Demands on Infrastructure
Just as the car changed how many people travel to and from work in the last century — and, in essence, created suburbs by increasing the distance people could travel from home to work and back each day — the automobile also changed the landscape.
The emergence of the automobile resulted in the construction and development of highways, freeways, and parking lots. For the autonomous vehicle to become ubiquitous, the infrastructure that supports today’s driver-controlled vehicles will need to transform.
“For Level 4 automation, the car basically needs to think. It is not just sensors and a map. It has to be a brain that can make real-time decisions,” noted Frost & Sullivan’s Chandrasekar.
“This means that it will be something closer to artificial intelligence, which can be trained on the terrain and [in] the environment. Unless the car can truly think, it will need to be used in a totally controlled environment,” he added.
This may not be such a challenge, at least over time. Just as cars have changed the urban and rural landscapes, autonomous cars may change it again, perhaps with specific autonomous-only protected lanes on the highways or autonomous-only roads within cities.

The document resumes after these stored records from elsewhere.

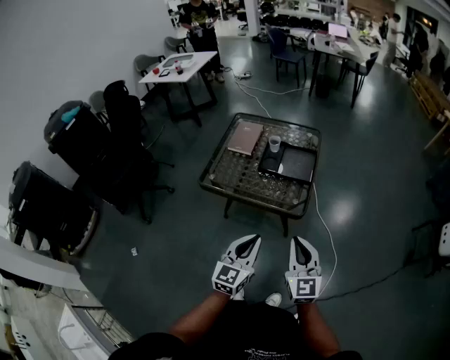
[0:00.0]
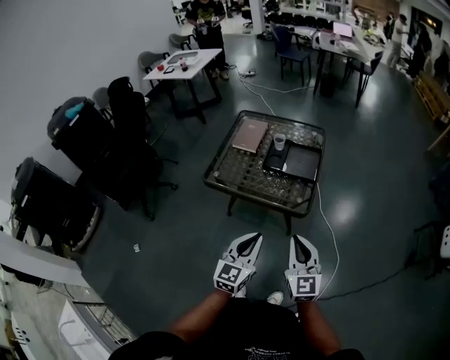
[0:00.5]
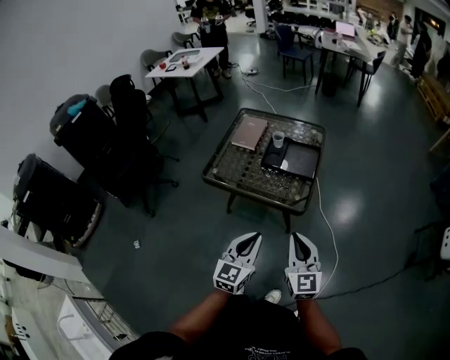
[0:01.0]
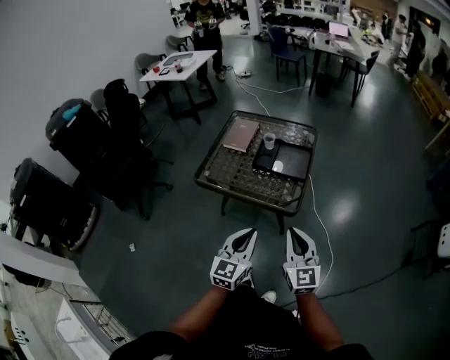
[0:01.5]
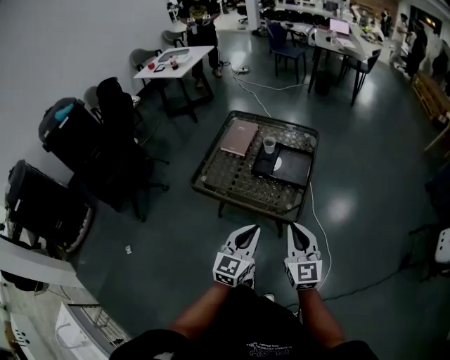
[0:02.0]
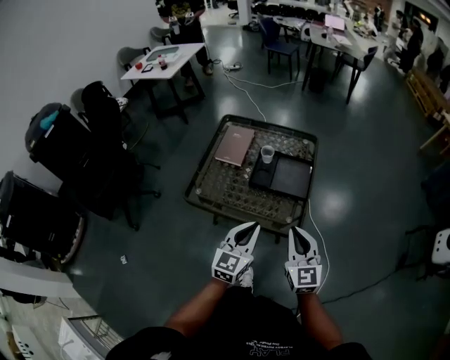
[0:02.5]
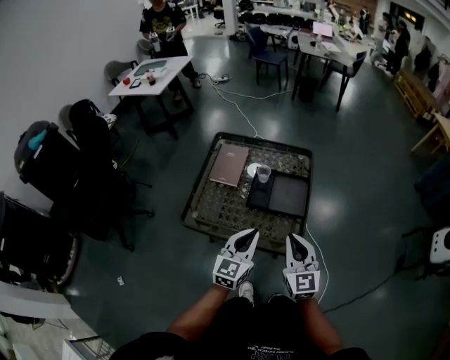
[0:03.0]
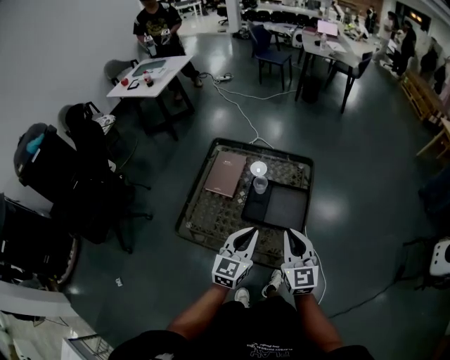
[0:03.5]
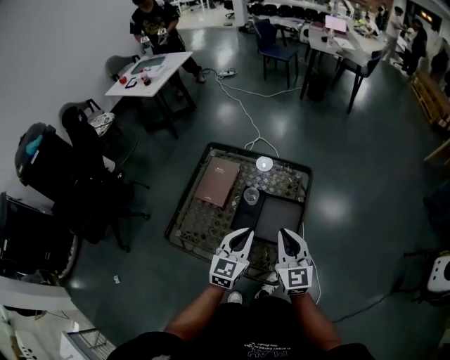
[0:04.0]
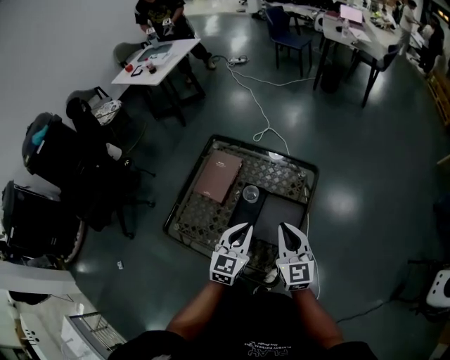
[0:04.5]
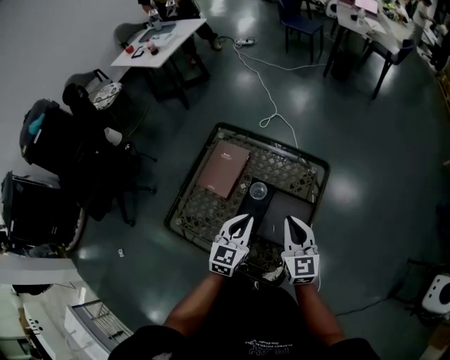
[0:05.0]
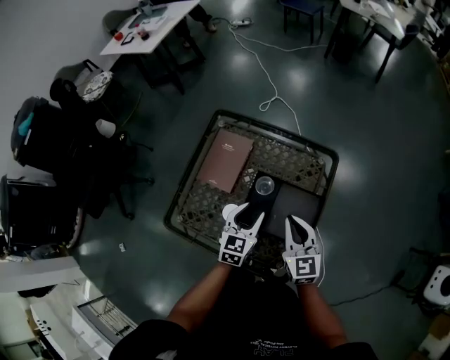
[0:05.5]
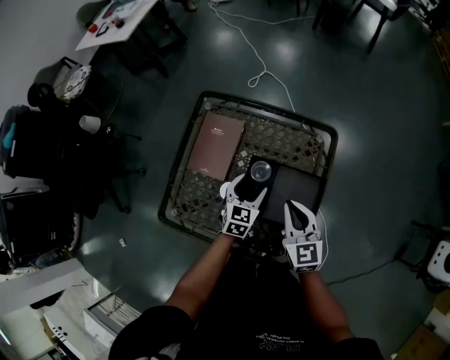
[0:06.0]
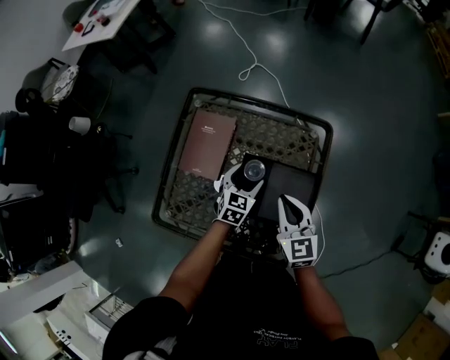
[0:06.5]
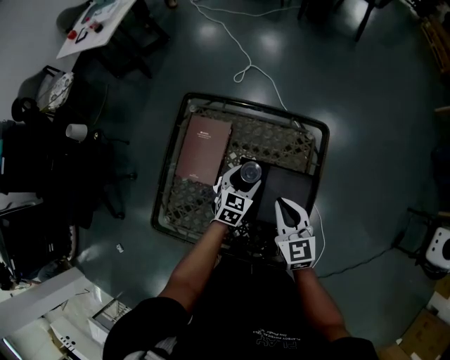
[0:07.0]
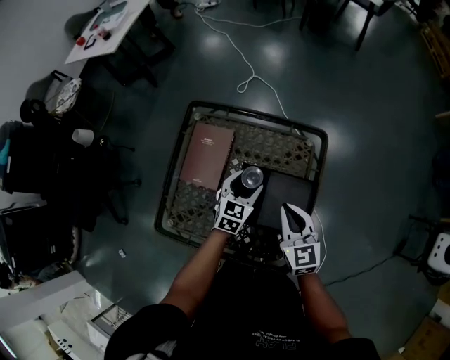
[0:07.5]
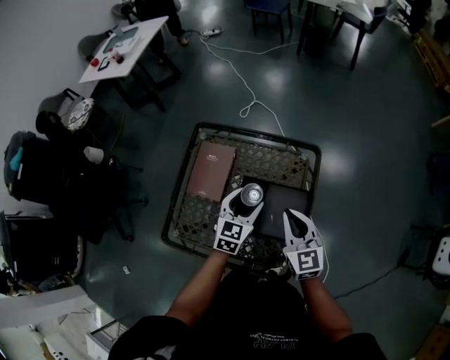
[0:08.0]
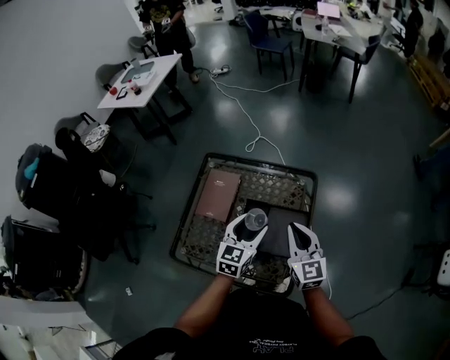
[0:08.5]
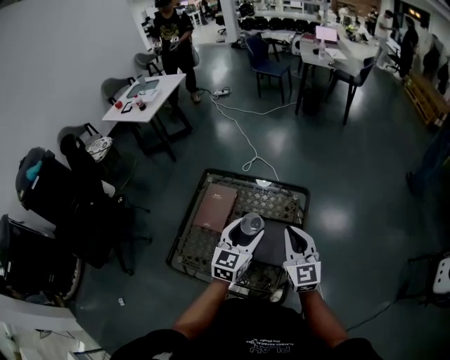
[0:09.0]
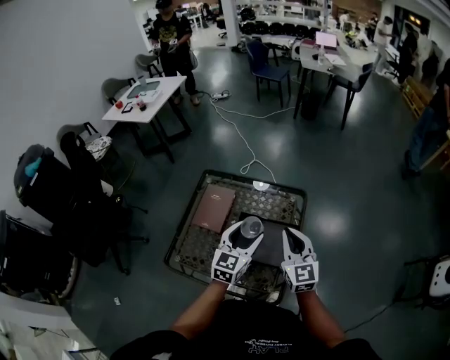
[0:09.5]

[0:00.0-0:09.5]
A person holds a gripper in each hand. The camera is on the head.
0:00.0 to 0:02.0: Both grippers travel together forward, roughly 10 cm.
0:02.0 to 0:04.0: The two grippers go some 30 cm forward.
0:04.0 to 0:05.5: The left gripper goes some 15 cm downward and forward, and opens up. Meanwhile the right gripper travels forward and downward by roughly 10 cm.
0:05.5 to 0:07.5: The left gripper heads forward, covering approximately 10 cm, and opens its fingers.
0:07.5 to 0:09.5: The right gripper travels upward by approximately 15 cm. Meanwhile the left gripper moves upward and backward, roughly 25 cm, and changes its angle by some 20 degrees.

“Cities were only retrofitted for cars in the past century, so it isn’t that difficult to imagine that these cities could be retrofitted again,” Chandraseker pointed out.
The changes need not be drastic necessarily. “We may not even need to change or add infrastructure,” said futurist Hiemstra. “We just need to make the road more intelligent, possibly with the introduction of sensors.”
All of this might well change the dynamics of car ownership in the times ahead when driverless cars are not owned by most individuals.
“It isn’t difficult to see a future where cars are viewed as people today view horses,” said Hiemstra.
“People don’t own horses today. Well, maybe wealthy people might own them and take them out for a ride, but horses aren’t really used on a daily basis for transportation,” he quipped.
“There could very much be a future where the average person doesn’t own cars. Instead, you just walk out the door and have a car arrive and take you where you need to go,” Hiemstra postulated.
These days, a majority of privately-owned automobiles sit idle much of the time while the owner is at work, school, shopping, or participating in other activities outside the vehicle…or spending time at home.
Looking ahead, “driverless cars could mean the car is always doing something, just for different people,” Hiemstra concluded.